• **WORK REQUIRED**
Give the records below again, word for word. No pictures belong in the copy.

TASK INPUT START

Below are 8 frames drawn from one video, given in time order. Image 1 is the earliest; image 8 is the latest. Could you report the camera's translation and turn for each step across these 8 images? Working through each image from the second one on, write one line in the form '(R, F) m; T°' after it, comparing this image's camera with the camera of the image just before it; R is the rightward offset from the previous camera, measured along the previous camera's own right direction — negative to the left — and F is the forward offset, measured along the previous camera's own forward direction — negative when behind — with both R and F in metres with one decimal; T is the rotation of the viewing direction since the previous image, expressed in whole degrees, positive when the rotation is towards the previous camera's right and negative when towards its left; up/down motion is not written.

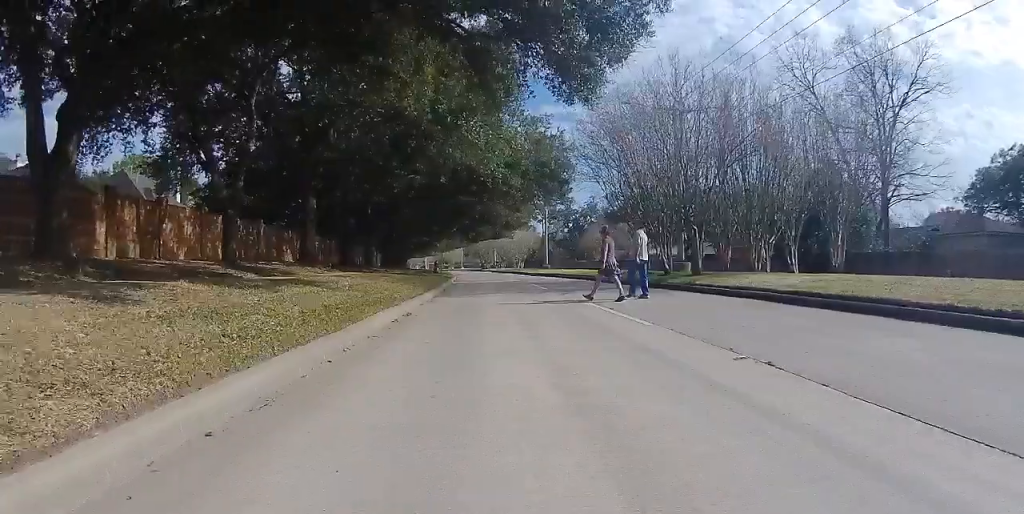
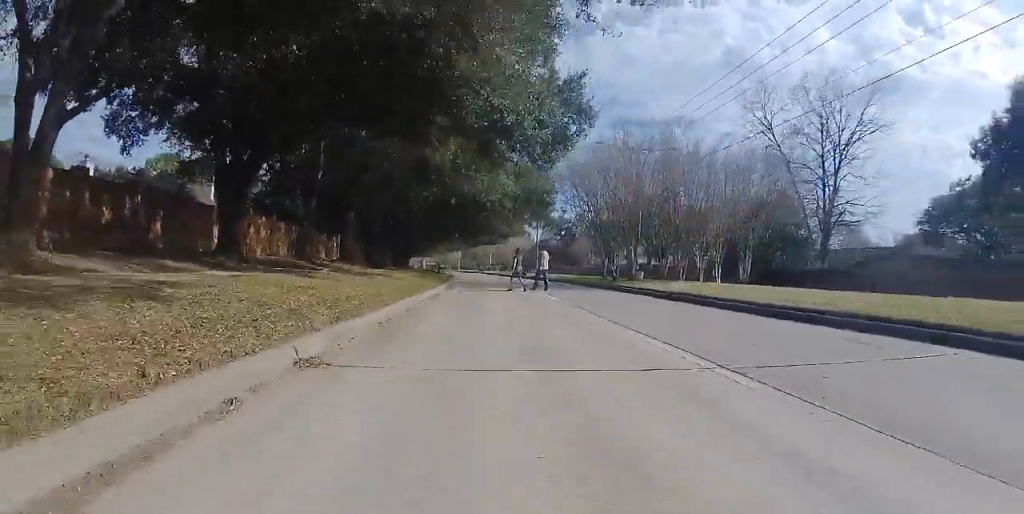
(0.0, +8.6) m; +2°
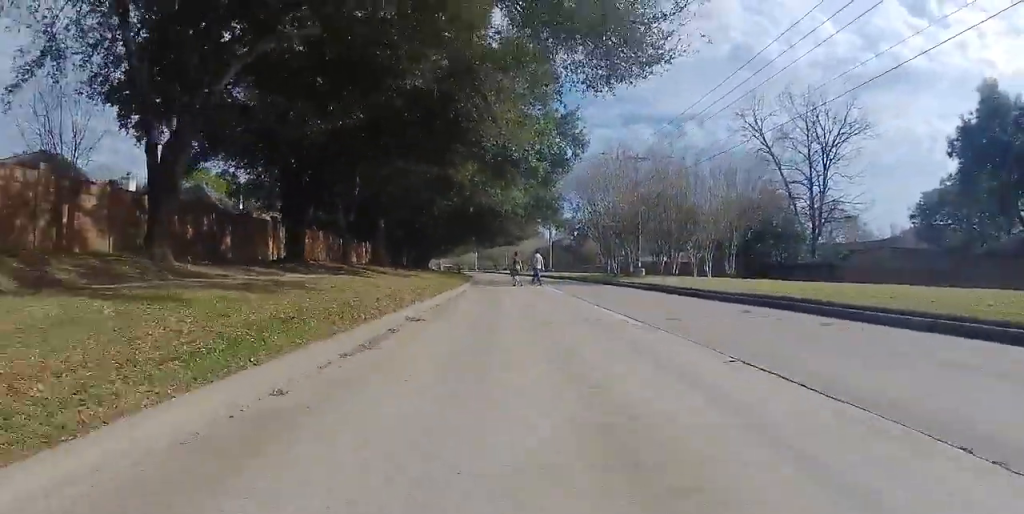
(+0.1, +4.6) m; +1°
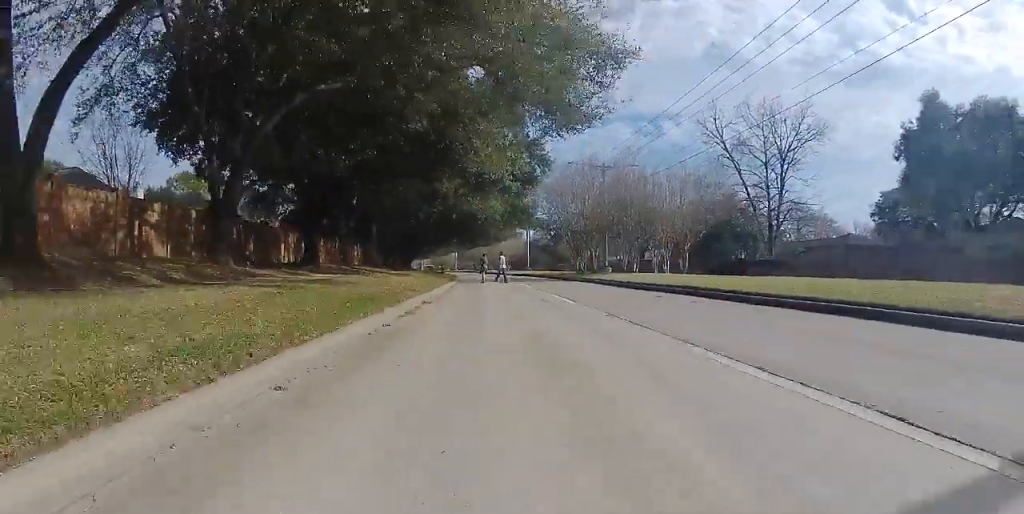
(+0.2, +4.9) m; 0°
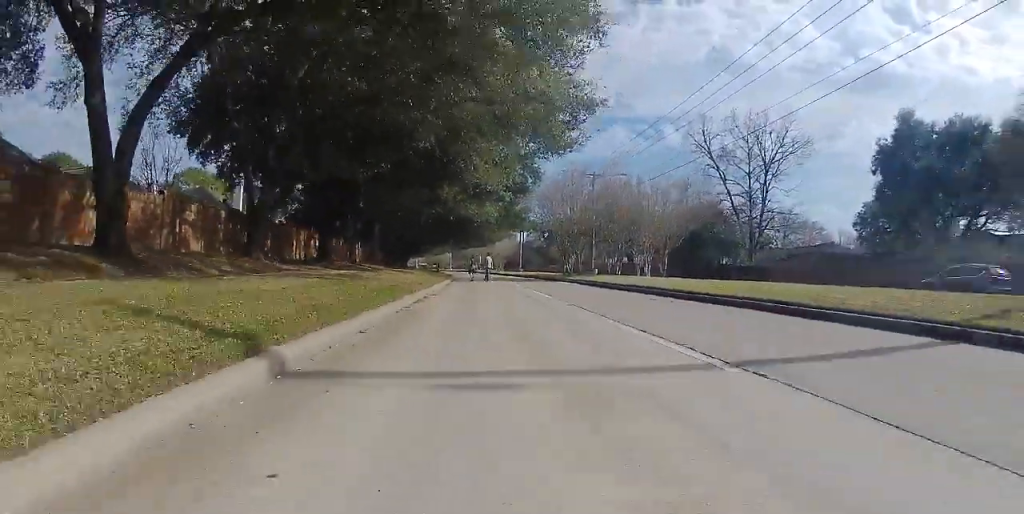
(-0.1, +3.3) m; 0°
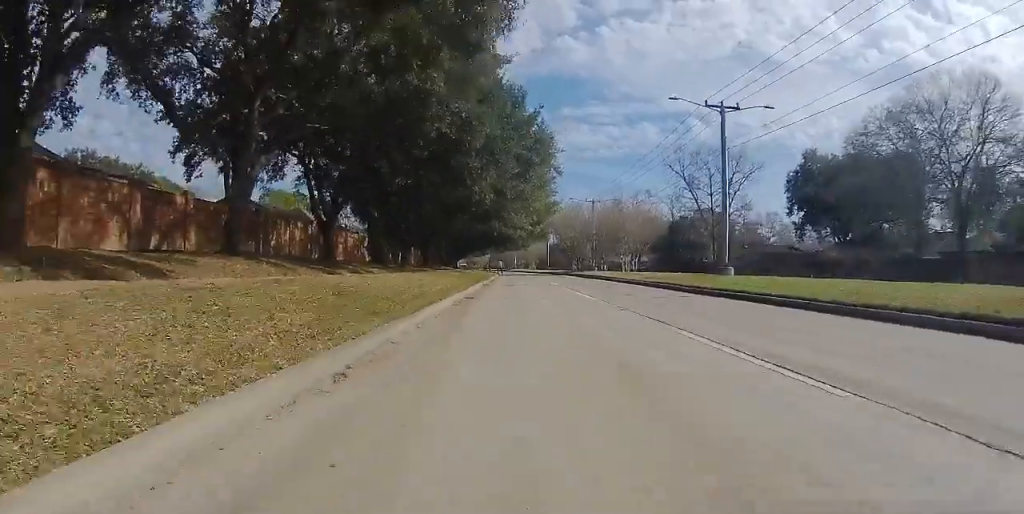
(-0.3, +23.2) m; -2°
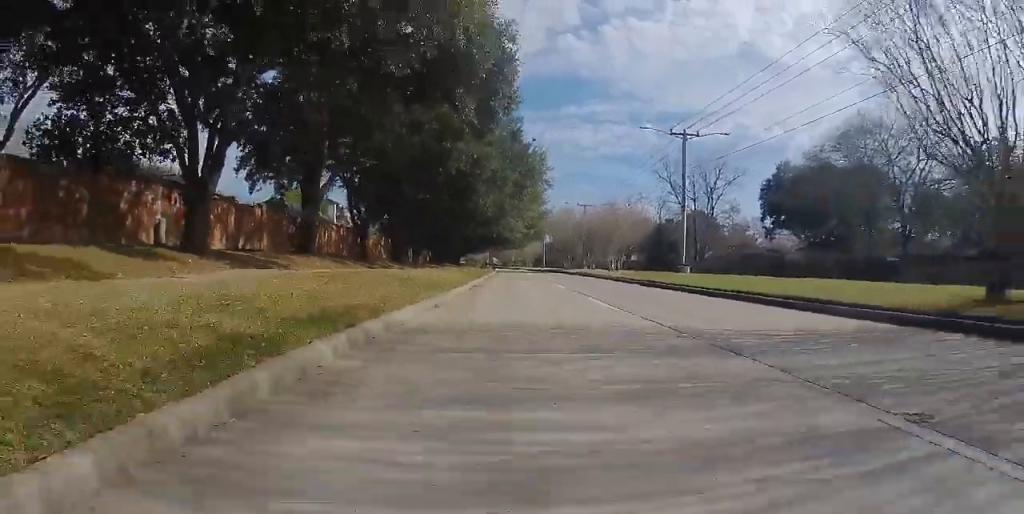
(+0.1, +7.1) m; +2°
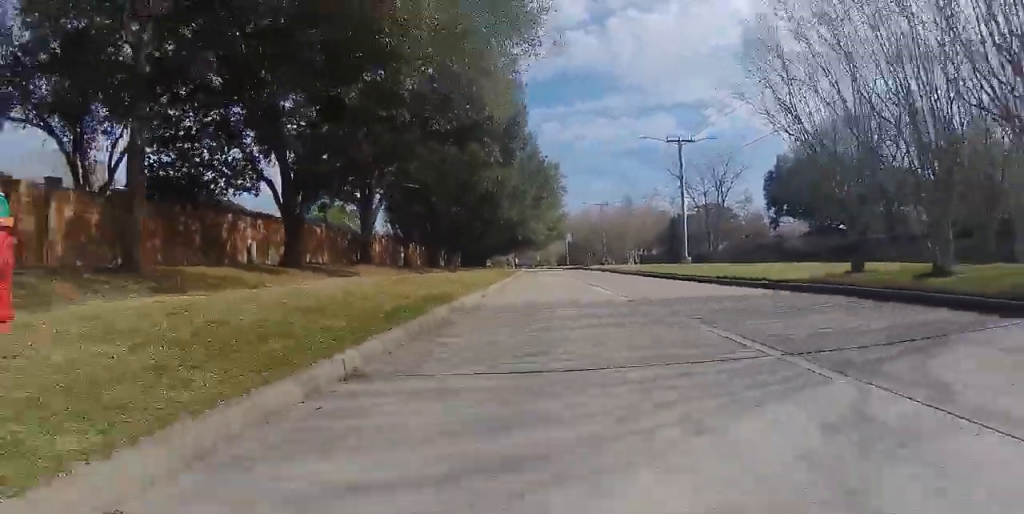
(+0.2, +5.4) m; 0°

TASK INPUT END

• **ANSWER SPACE**
Below are 8 frames drawn from one video, given in time order. Image 1 is the earliest; image 8 is the latest. Could you report the camera's translation and turn for each step across these 8 images? Working through each image from the second one on, write one line in the form '(R, F) m; T°' after it, comparing this image's camera with the camera of the image just before it; R is the rightward offset from the previous camera, measured along the previous camera's own right direction — negative to the left — and F is the forward offset, measured along the previous camera's own forward direction — negative when behind — with both R and F in metres with one decimal; T is the rotation of the viewing direction since the previous image, expressed in whole degrees, positive when the rotation is towards the previous camera's right and negative when towards its left; up/down motion is not written.

(0.0, +8.6) m; +2°
(+0.1, +4.6) m; +1°
(+0.2, +4.9) m; 0°
(-0.1, +3.3) m; 0°
(-0.3, +23.2) m; -2°
(+0.1, +7.1) m; +2°
(+0.2, +5.4) m; 0°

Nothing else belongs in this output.